The amount of tin $A$ required to build cylinder close at both ends is given by,

$\begin{aligned} A & = 2 π r h + 2 π r^{2} = π h D + \frac{π D^{2}}{2} \end{aligned}$

Differentiating w.r.t $h$ ,

$\begin{aligned} \frac{d A}{d h} & = π (D + h \frac{d D}{d h}) + \frac{π}{2} \times 2 D \times \frac{d D}{d h} \end{aligned}$

Substituting from equation (11.3),

$\begin{aligned} \frac{d A}{d h} & = π (D - \frac{h D}{2 h}) - \frac{π D^{2}}{2 h} \\ = π D - \frac{π D}{2} - \frac{π D^{2}}{2 h} \\ (11.4) & \frac{d A}{d h} & = \frac{π D}{2} (1 - \frac{D}{h}) \end{aligned}$

To find minima or maxima for amount of tin $A$ w.r.t $h$ ,

$\begin{aligned} \frac{d A}{d h} & = 0 \\ \frac{π D}{2} (1 - \frac{D}{h}) \\ h & = D \end{aligned}$

From equation (11.4), at a point immediate to the left of $h = D$ , $\frac{d A}{d h}$ is negative and at a point immediate to the right of $h = D$ , $\frac{d A}{d h}$ is positive. So the slope $\frac{d A}{d h}$ changes sign from negative to positive. The area $A$ therefore has minimum at $h = D$ .

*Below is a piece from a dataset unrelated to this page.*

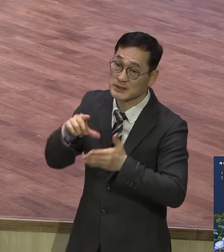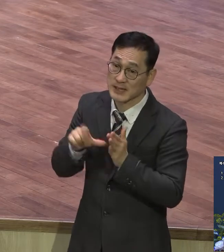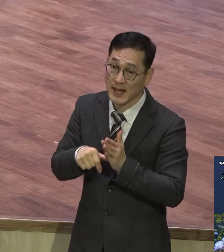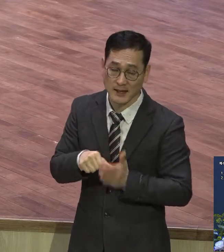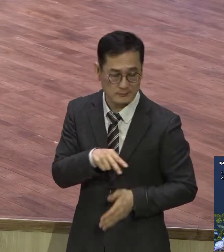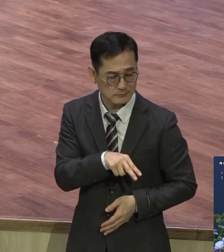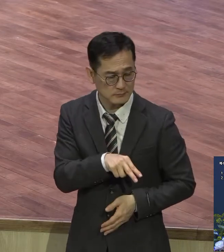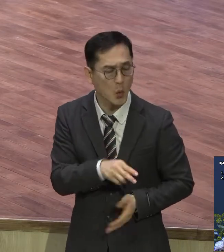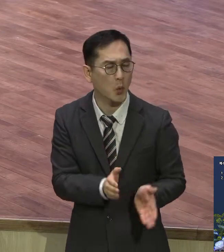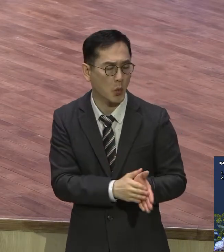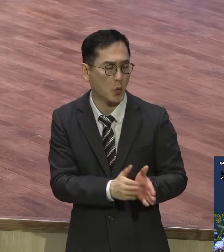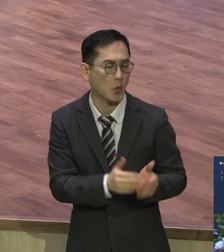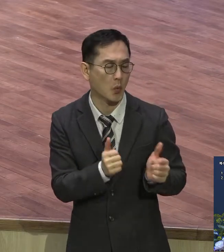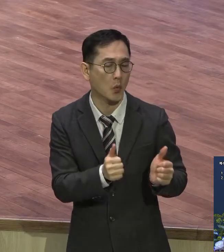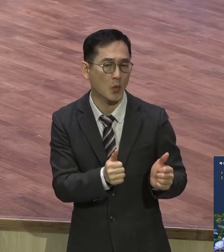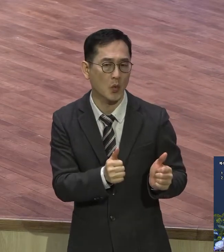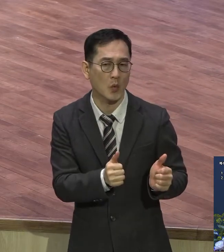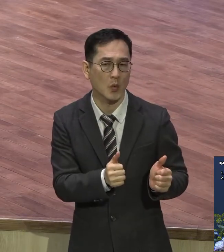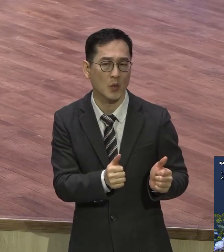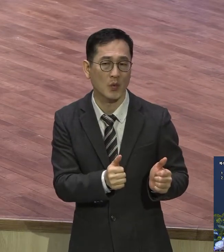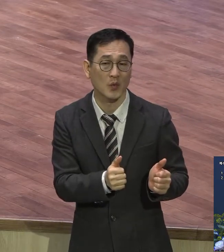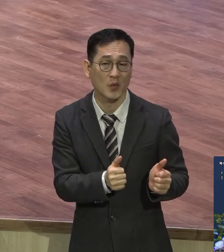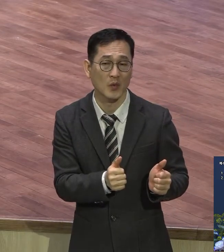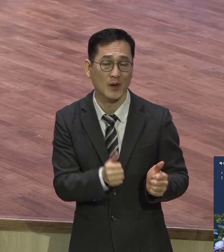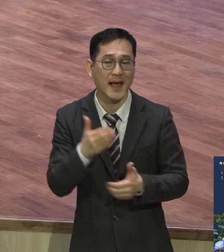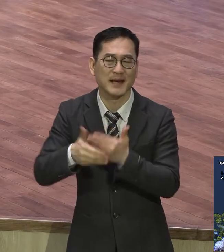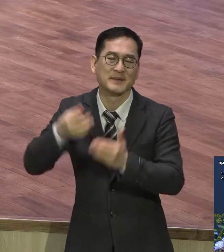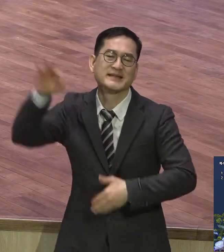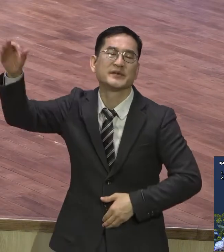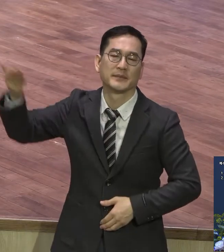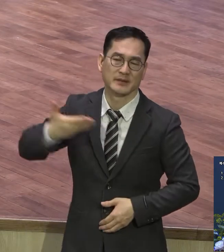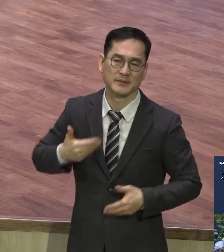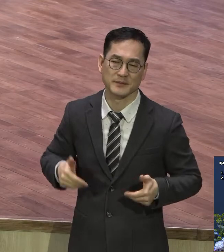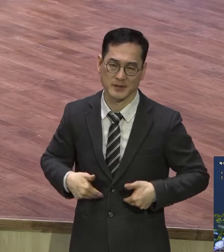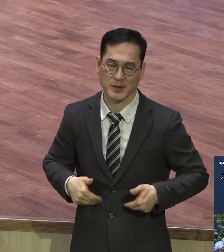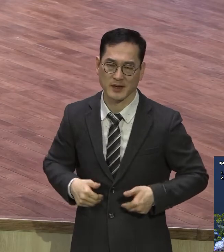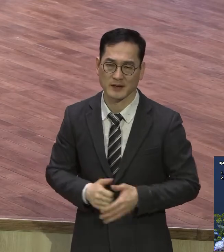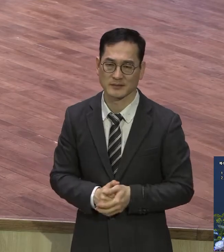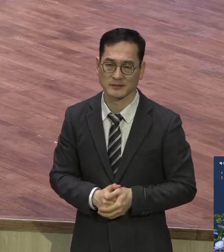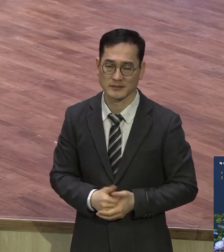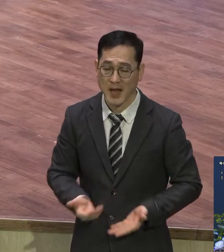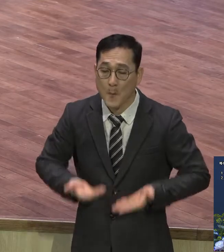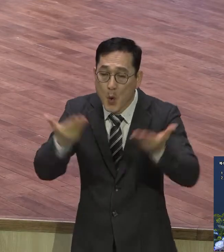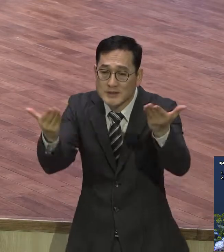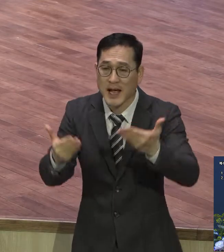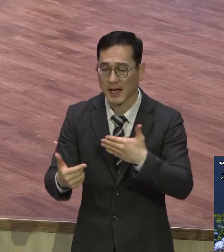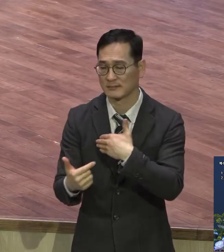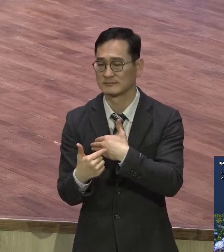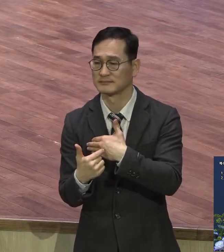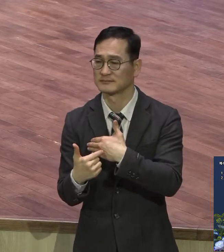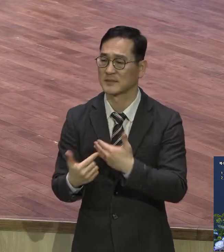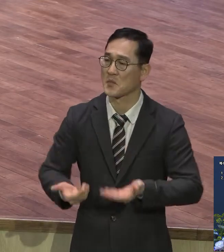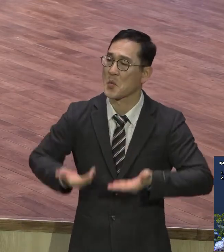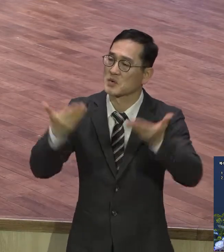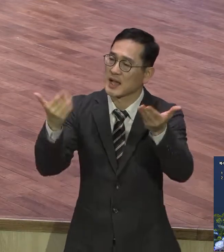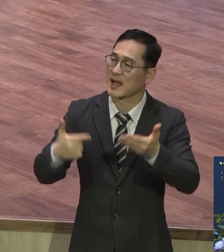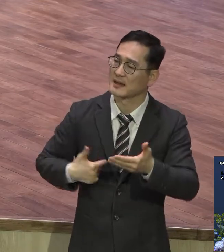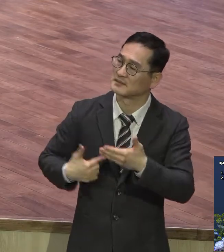이걸 보는 거지 기도 좀 했다고 봉사 좀 했다고 조금 부분적으로 행거까지 그게 무슨 하나님의 마음 움직이 있어요

Thus when height is equal to the diameter, the amount of tin required will be a minimum.

11.1.10 Question 10

A square piece of tin of side $18$ cm is to be made into a box without lid, by cutting a square from each corner and folding up the flaps to form the box. What should be the side of the square to be cut off so that the volume of the box is maximum possible?

The given condition is reflected in the figure 11.8.

Figure 11.8: Square tin of $18$ cm with a square of side $x$ cut from each corner.

The volume of box $V$ after cutting a square from each corner is given by (from the figure 11.8),

$\begin{aligned} V & = length \times breadth \times height \\ = (18 - 2 x) (18 - 2 x) \times x \\ = 4 x (81 - 18 x + x^{2}) \\ V & = 4 (x^{3} - 18 x^{2} + 81 x) \\ \frac{d V}{d x} & = 4 (3 x^{2} - 36 x + 81) \\ \frac{d V}{d x} & = 12 (x^{2} - 12 x + 27) \end{aligned}$

To maximise the volume $V$ w.r.t $x$ ,

$\begin{aligned} \frac{d V}{d x} & = 0 \\ 12 (x^{2} - 12 x + 27) & = 0 \\ x & = 3, 9 \end{aligned}$

Also,

$\begin{aligned} \frac{d^{2} V}{d x^{2}} & = 12 (2 x - 12) \end{aligned}$

For $x = 3$ , $\frac{d^{2} V}{d x^{2}}$ is negative and for $x = 9$ , $\frac{d^{2} V}{d x^{2}}$ is positive. Thus, volume of box is maximum when $x = 3$ cm.